TO DO
On how many lines of the data below does the word "surface" appear? Reply with the number only.
*** Begin section ***
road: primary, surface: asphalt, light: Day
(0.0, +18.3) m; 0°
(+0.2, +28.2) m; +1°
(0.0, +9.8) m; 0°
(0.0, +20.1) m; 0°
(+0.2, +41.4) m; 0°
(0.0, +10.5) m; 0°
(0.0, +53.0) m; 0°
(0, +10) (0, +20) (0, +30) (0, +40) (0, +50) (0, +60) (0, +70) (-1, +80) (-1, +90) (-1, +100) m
*** End section ***
*** Begin section ***
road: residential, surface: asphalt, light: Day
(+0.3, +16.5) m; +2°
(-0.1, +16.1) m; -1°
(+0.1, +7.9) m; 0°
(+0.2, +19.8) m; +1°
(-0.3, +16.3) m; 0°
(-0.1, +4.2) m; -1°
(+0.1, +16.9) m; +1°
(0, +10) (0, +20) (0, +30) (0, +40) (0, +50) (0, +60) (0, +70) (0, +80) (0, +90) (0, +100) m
*** End section ***
*** Begin section ***
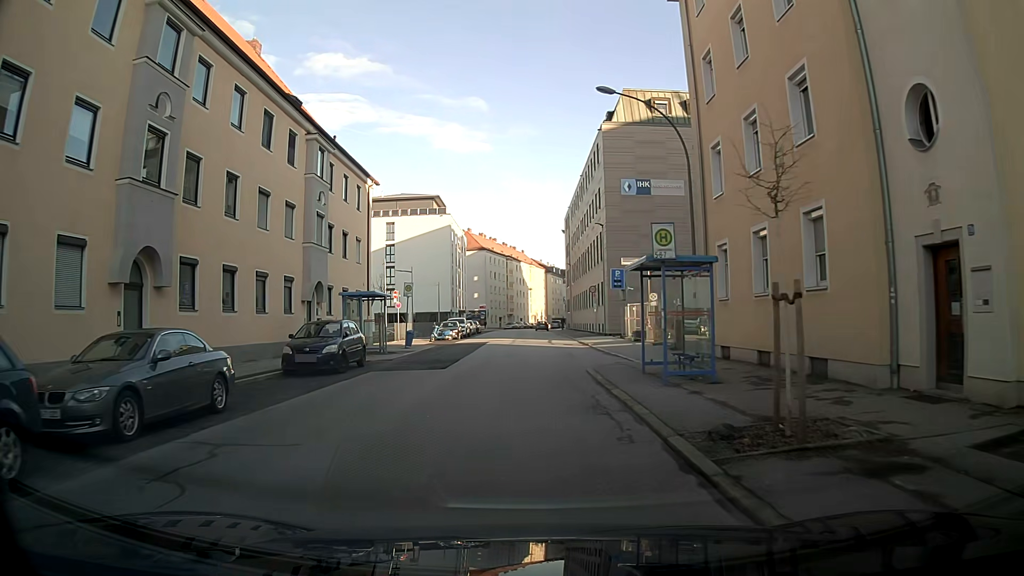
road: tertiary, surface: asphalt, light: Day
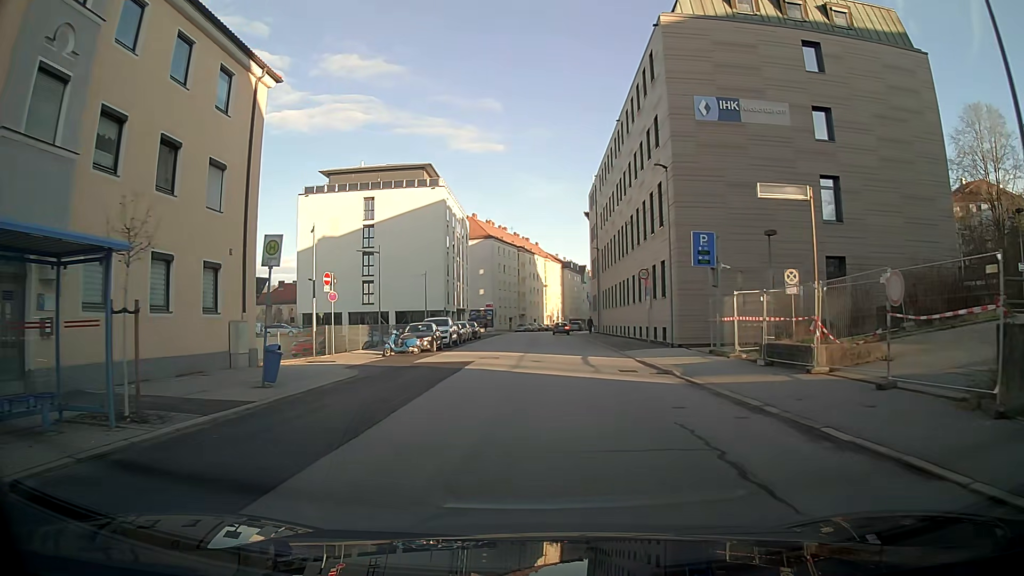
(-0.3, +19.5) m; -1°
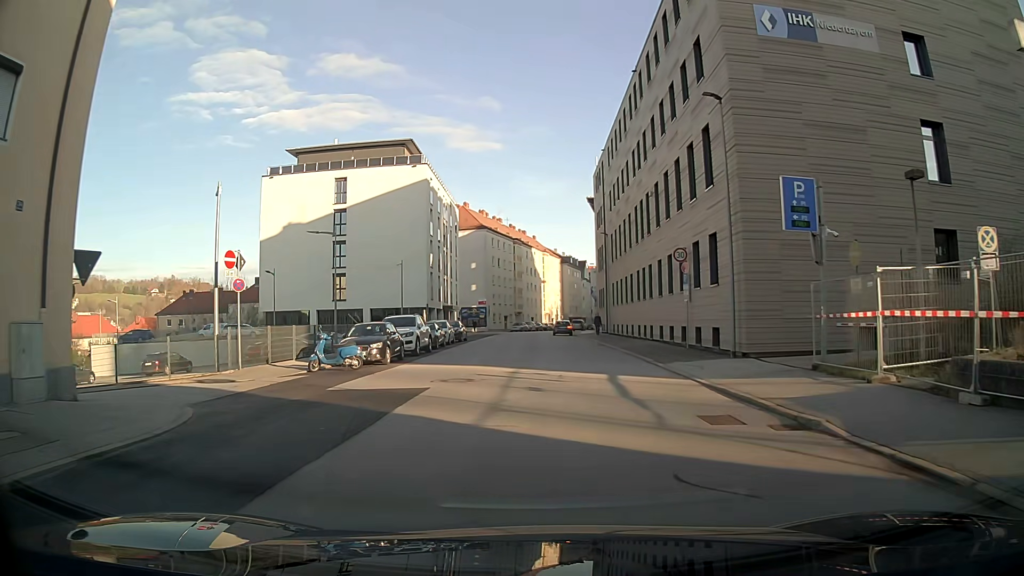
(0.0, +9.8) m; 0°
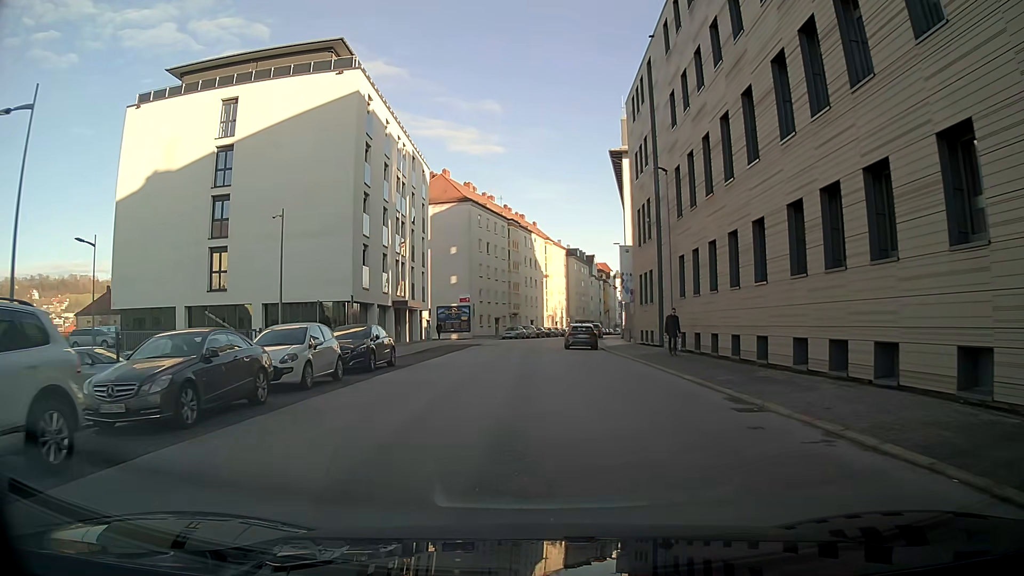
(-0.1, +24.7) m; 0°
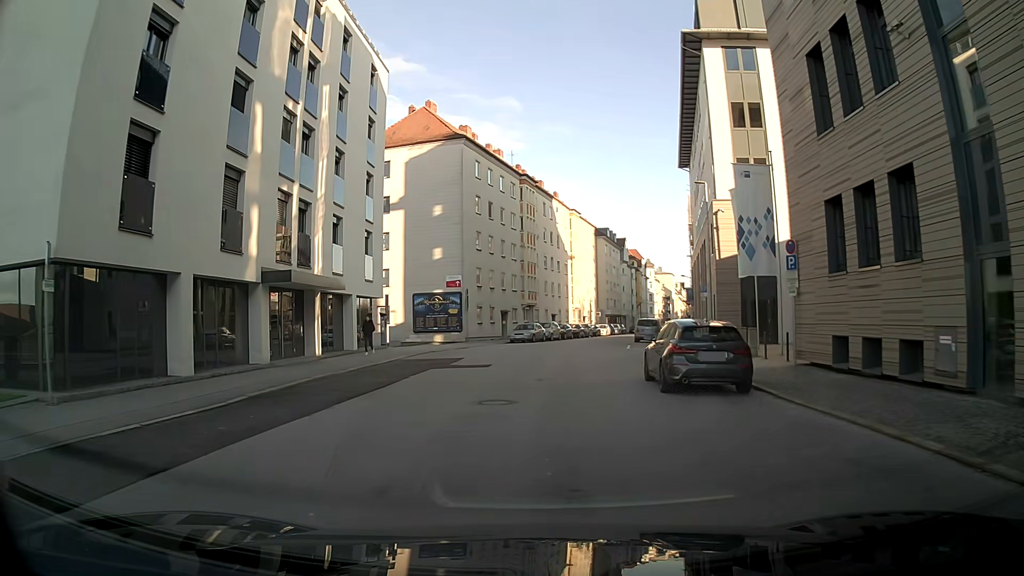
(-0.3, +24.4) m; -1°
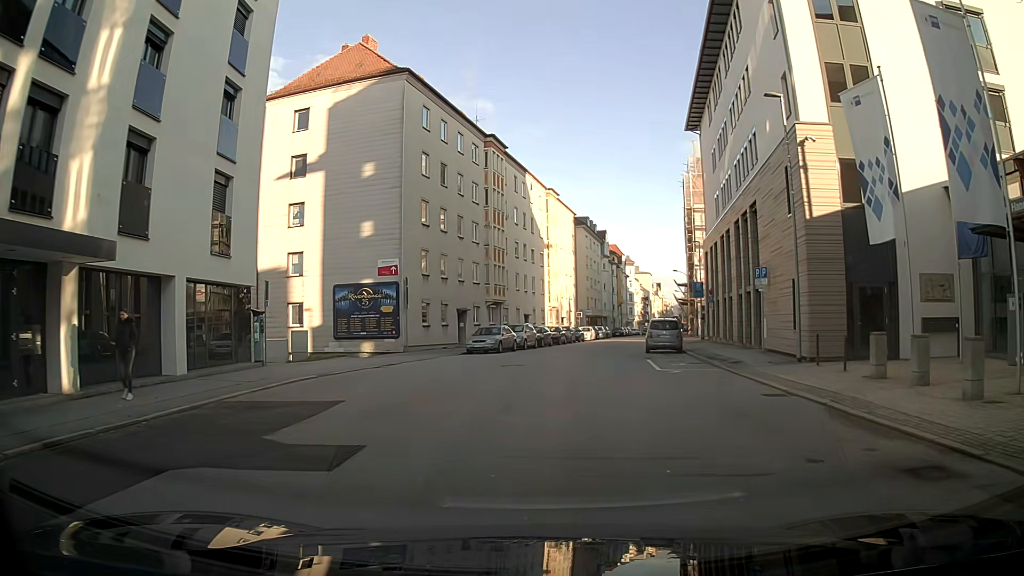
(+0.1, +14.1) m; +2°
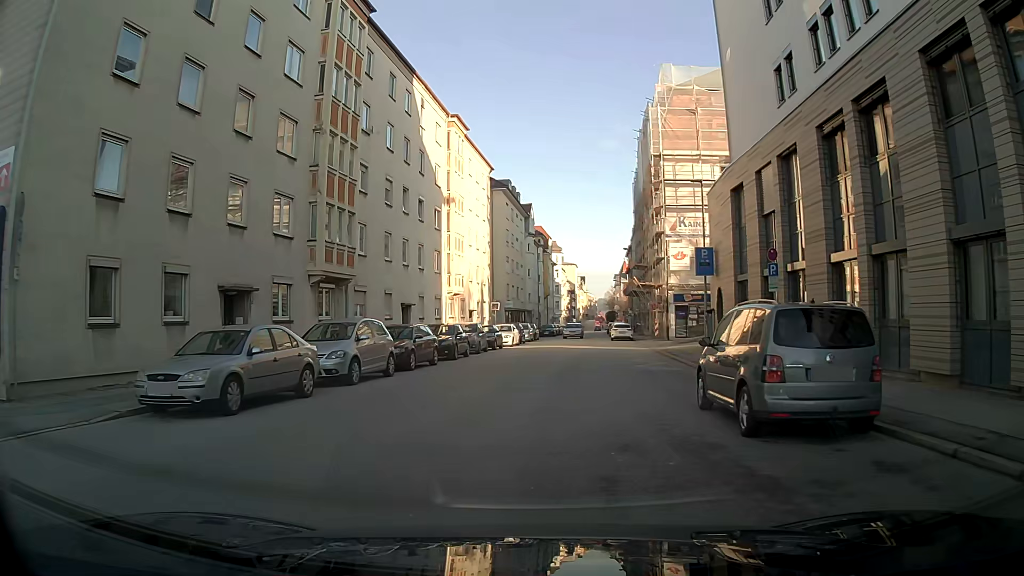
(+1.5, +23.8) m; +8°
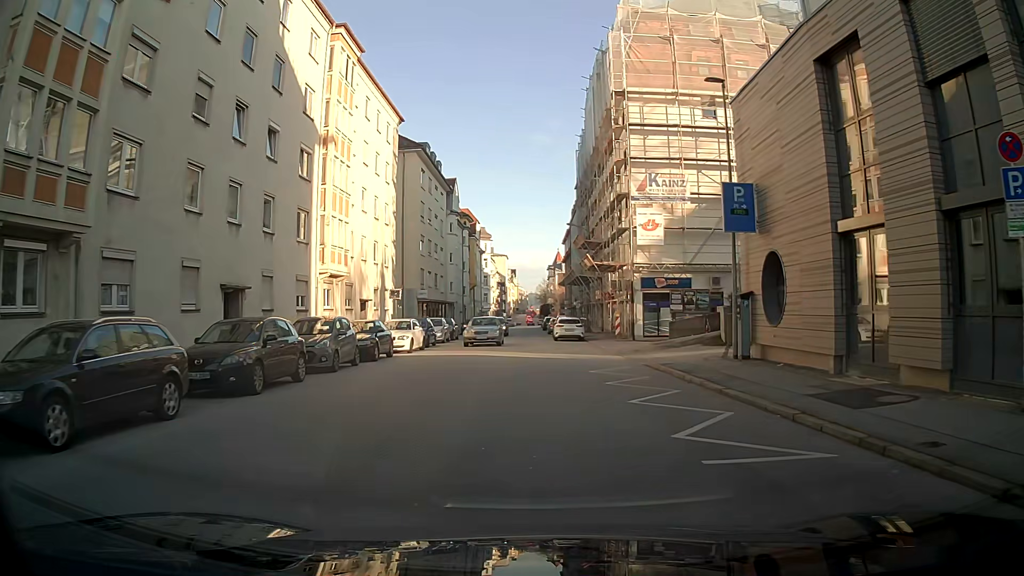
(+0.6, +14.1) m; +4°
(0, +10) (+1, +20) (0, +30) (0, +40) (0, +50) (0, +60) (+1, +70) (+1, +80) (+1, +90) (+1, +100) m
*** End section ***
TASK RESULT
3